Escrito por Jaír Villano

Escritor colombiano, Tomás González.

Jaír VillanoRepaso minucioso de la obra de un autor que en los últimos años se ha ganado  con justicia la reputación de ser uno de los mejores escritores de Colombia, tanto en novela como en cuento.

Jaír Villano*

Vida, muerte y literatura

Busqué en Google y no encontré quién fue el que dijo que en una novela no puede existir la vida si no hay muerte. O tal vez era que la muerte le da vida a la novela. No importa. Hay que leer a Tomás González, en cualquier de los casos, para entender lo que quieren decir estas frases. Pero sobre todo hay que leerlo para encontrar un escritor de atenuaciones, de luz y oscuridad, de calor y frío, de invierno y verano: de vida y muerte.

Haciendo un repaso de su novelística, se encuentra que esta disyuntiva es un asunto permanente. En cada una de sus obras se puede encontrar una línea en común, pero con composiciones diferentes: las obsesiones, la amistad, el amor y el desamor, la ambición. Los abismos difieren en cada universo, así el escenario parezca el mismo.

Sus libros nos permiten conocer que en las más oscuras cuevas resplandece la belleza.

Sus personajes, sus diálogos, sus descripciones, sus analogías y su precisión son las cualidades que reúne una obra desgarradora siendo tenue. Sus libros nos permiten conocer que en las más oscuras cuevas resplandece la belleza.

Tomás González es un escritor que, entre otras cosas, es admirable por lo silente y lo distante que está del bullicio mediático de los figurines que deben su éxito a los caprichos del mercado.

Sus novelas

Homenaje al escritor colombiano, Tomás González.
Homenaje al escritor colombiano, Tomás González. 
Foto:  Cancillería

En su opera prima, González dejó trazados los elementos que componen sus entramados posteriores. Primero estaba el mar es una novela potencialmente expresiva por la sobriedad de su lenguaje.

La prosa reposada de Tomás González reviste a los personajes de una aguda asimetría, ya que estos (¿qué mejor ejemplo que Elena y J. en Primero estaba el mar?) pueden transmutar de la inocencia a la insolencia en pocas escenas y en pocos párrafos.

En la novela la fabulación de la utopía hippie se va desentrañando de una manera lenta pero azarosa: el que es de la urbe no puede dejar de serlo. La insinuación por reflejar las costumbres de la cultura antioqueña es bien lograda; la altanería de J., la soberbia del abogado que le hace los préstamos, la resignación de Elena, etc.

Cuatro años después, Tomás fue laureado con el premio Plaza y Janés por su novela Para antes del olvido. Si tenemos en cuenta el conjunto de su obra, esta es quizá su creación más atípica. El barroquismo y el impresionismo (en algunas escenas) son dos elementos que sobresalen en una novela que, en todo caso, sabe concatenar el tiempo y el espacio de una historia que se sucede desde 1913 hasta 1973. Para antes del olvido es una bella historia que transcurre entre lo rural y lo urbano, en el marco de un país que estaba en la modernización de sus metrópolis.

Más adelante, en Los caballitos del diablo, Tomás González vuelve al tema de la soledad, pero no como ataraxia, sino como un embarazoso y punzante desasosiego. En la novela, un hombre descrito como “que se pierde entre árboles y jardines” hace todo lo posible por construir un paraíso vegetal a las afueras de la ciudad. Lo acompañan su compañera, Pilar, y un puñado de recuerdos y remordimientos que le impiden llevar una vida coherente con el paisaje terrenal que con tanta fuerza construye.

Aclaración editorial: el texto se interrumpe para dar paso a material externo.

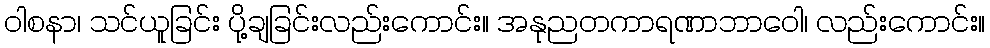
ဝါစနာ၊ သင်ယူခြင်း ပို့ချခြင်းလည်းကောင်း။ အနုညတကာရဏာဘာဝေါ၊ လည်းကောင်း။
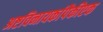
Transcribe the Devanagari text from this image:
अष्टविनायकांपैकीएक
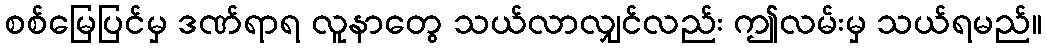
စစ်မြေပြင်မှ ဒဏ်ရာရ လူနာတွေ သယ်လာလျှင်လည်း ဤလမ်းမှ သယ်ရမည်။
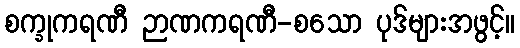
စက္ခုကရဏီ ဉာဏကရဏီ-စသော ပုဒ်များအဖွင့်။
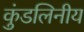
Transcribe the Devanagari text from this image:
कुंडलिनीय
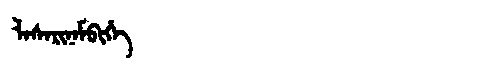
Manchu: ᠯᠠᠰᠠᡵᡳᠨᠠᠮᠪᡳᡥᡝ
Romanization: LASARINAMBIHE
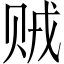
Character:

Además de la reaparición de J. y Elena (y su simpático lenguaje soez), en la novela se reencuentran los hilos con que González construye sus historias. La serenidad con que va dando cuenta de la violencia de un individuo, la prosa fresca y el folclore antioqueño son elementos que integran las características de algo bien difícil en la literatura: un estilo.

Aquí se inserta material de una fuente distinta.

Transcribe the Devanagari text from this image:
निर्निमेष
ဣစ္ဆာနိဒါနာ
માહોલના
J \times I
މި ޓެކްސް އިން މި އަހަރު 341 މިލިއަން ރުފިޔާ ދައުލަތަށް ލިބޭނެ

En 2010 llegó Abraham entre bandidos, una historia que utiliza el “plagio” de Abraham y Saúl para poner en yuxtaposición las sombras de la vida y la muerte. En este caso la violencia en los primeros años del conflicto colombiano (años cincuenta) es el espacio temporal en el que se despliegan los hechos que rodean la historia de dos secuestrados y con ellos la ansiedad y la lacerante espera de su familia.

En La historia de Horacio, una novela corta, la muerte vuelve a ser el punto de quiebre. El protagonista, Horacio, vive entre la algarabía de las mujeres de la casa (Margarita, las hermanas, Carlina, etc.), la desfachatez de Jerónimo, el silencio de Álvaro, la amarga lucidez de Elías, la amabilidad de Eladio y, lo más importante, su colección de arte, sus objetos intocables y sus vacas.

De nuevo nos situamos en un escenario de montañas, vegetación, animales, soledad, silencio y romería. De nuevo los personajes son los miembros de una familia y de nuevo la corta distancia entre la existencia y el vacío de la misma se pone en tensión en un relato que despierta sonrisas y suspiros.

Ignoro si los lectores del escritor estarán de acuerdo, pero si de dar un veredicto se trata creo que la obsesión por “el caos y la belleza, el bien y el mal” emerge de manera profunda y sigilosa en La luz difícil.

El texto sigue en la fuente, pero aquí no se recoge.